### [Directions]
Copy the following data exactly and drop the pictures.

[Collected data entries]
--- START ---
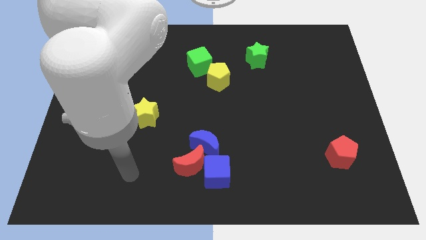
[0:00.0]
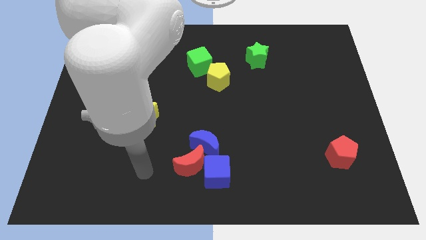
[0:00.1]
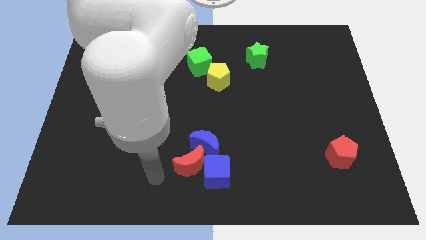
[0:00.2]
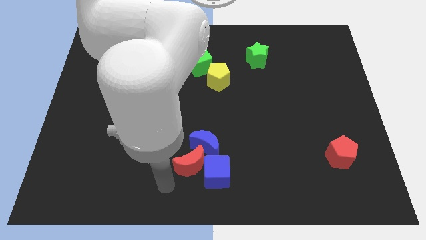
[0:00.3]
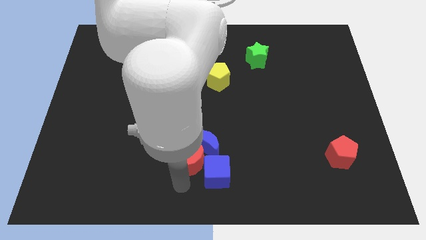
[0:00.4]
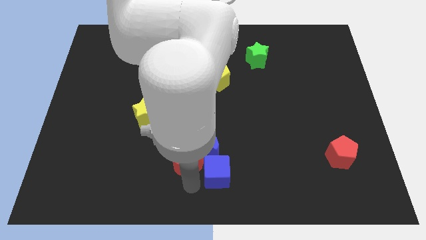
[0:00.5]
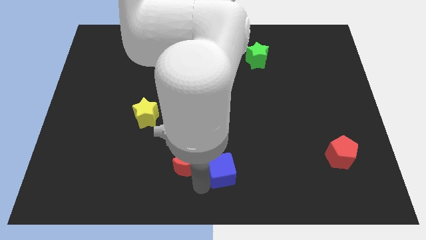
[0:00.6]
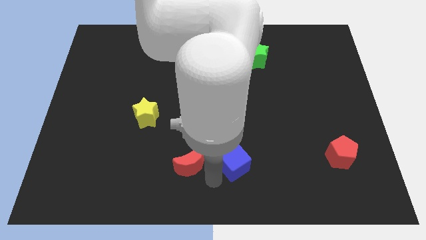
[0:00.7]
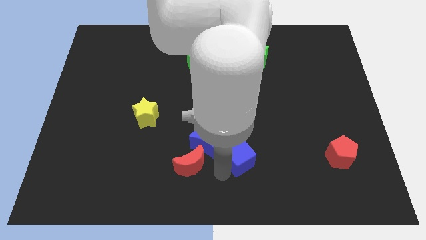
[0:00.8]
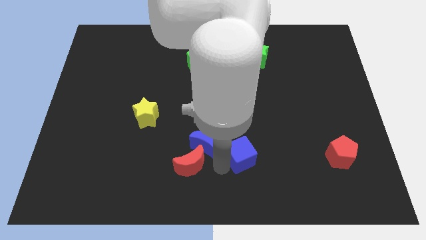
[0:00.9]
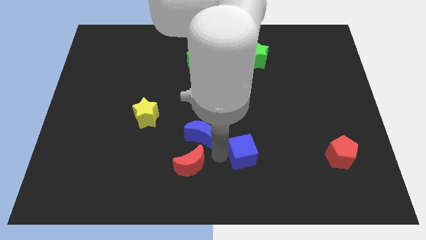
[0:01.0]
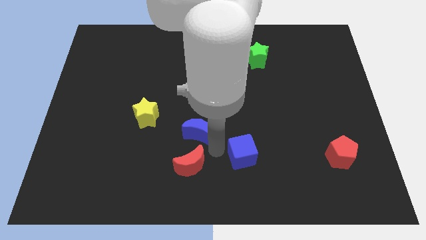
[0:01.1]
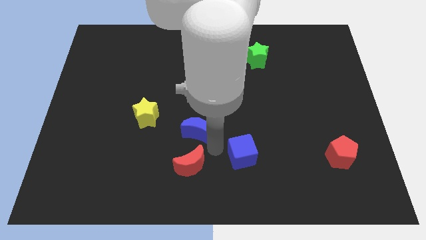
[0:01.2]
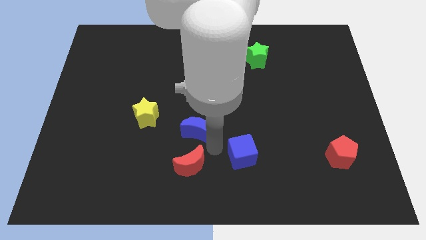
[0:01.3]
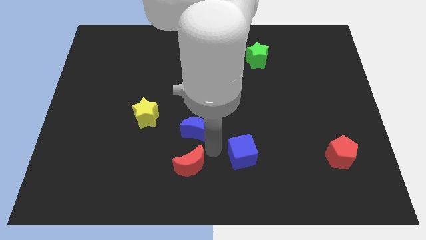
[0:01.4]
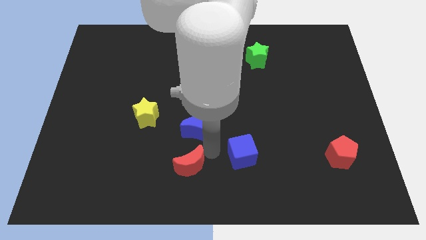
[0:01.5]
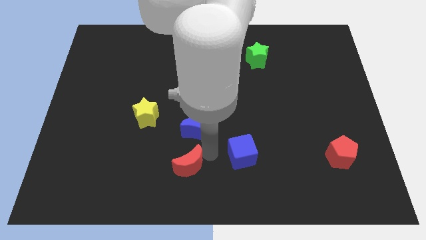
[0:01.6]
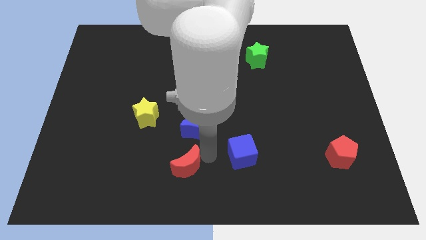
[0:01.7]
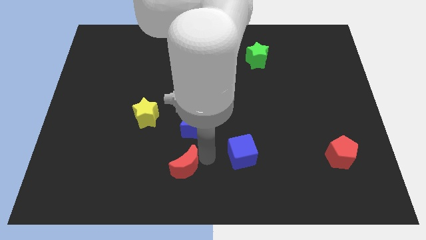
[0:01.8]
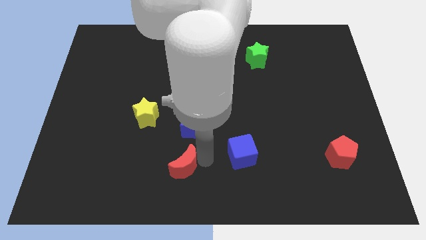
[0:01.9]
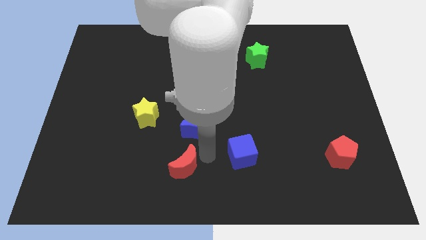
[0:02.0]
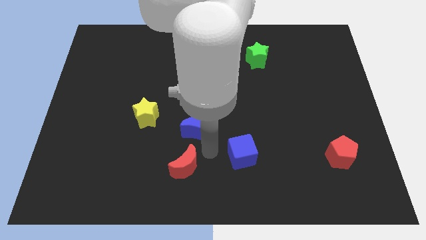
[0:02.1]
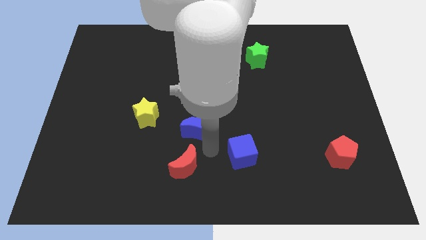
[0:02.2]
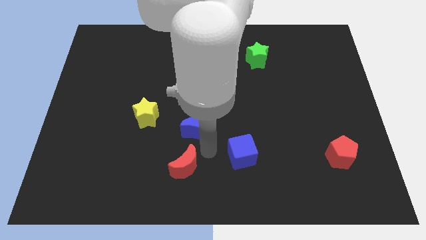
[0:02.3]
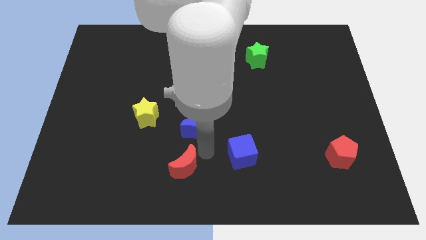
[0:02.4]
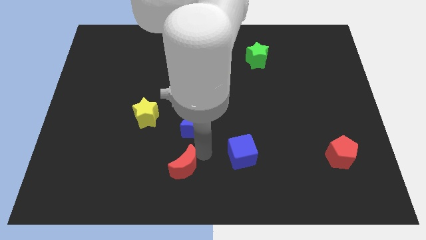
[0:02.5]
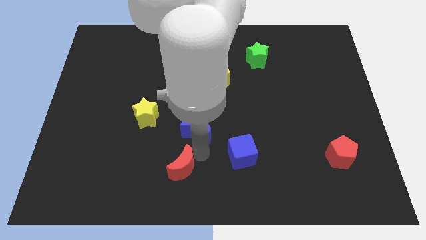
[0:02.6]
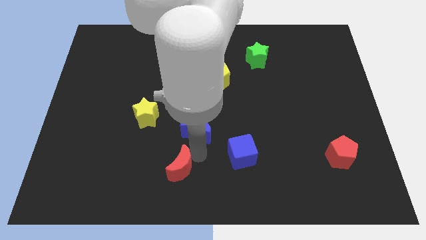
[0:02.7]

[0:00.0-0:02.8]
separate the red moon from the blue cube and blue moon
--- END ---
### [Solution for this task]
[0:00.0]
[0:00.1]
[0:00.2]
[0:00.3]
[0:00.4]
[0:00.5]
[0:00.6]
[0:00.7]
[0:00.8]
[0:00.9]
[0:01.0]
[0:01.1]
[0:01.2]
[0:01.3]
[0:01.4]
[0:01.5]
[0:01.6]
[0:01.7]
[0:01.8]
[0:01.9]
[0:02.0]
[0:02.1]
[0:02.2]
[0:02.3]
[0:02.4]
[0:02.5]
[0:02.6]
[0:02.7]

[0:00.0-0:02.8]
separate the red moon from the blue cube and blue moon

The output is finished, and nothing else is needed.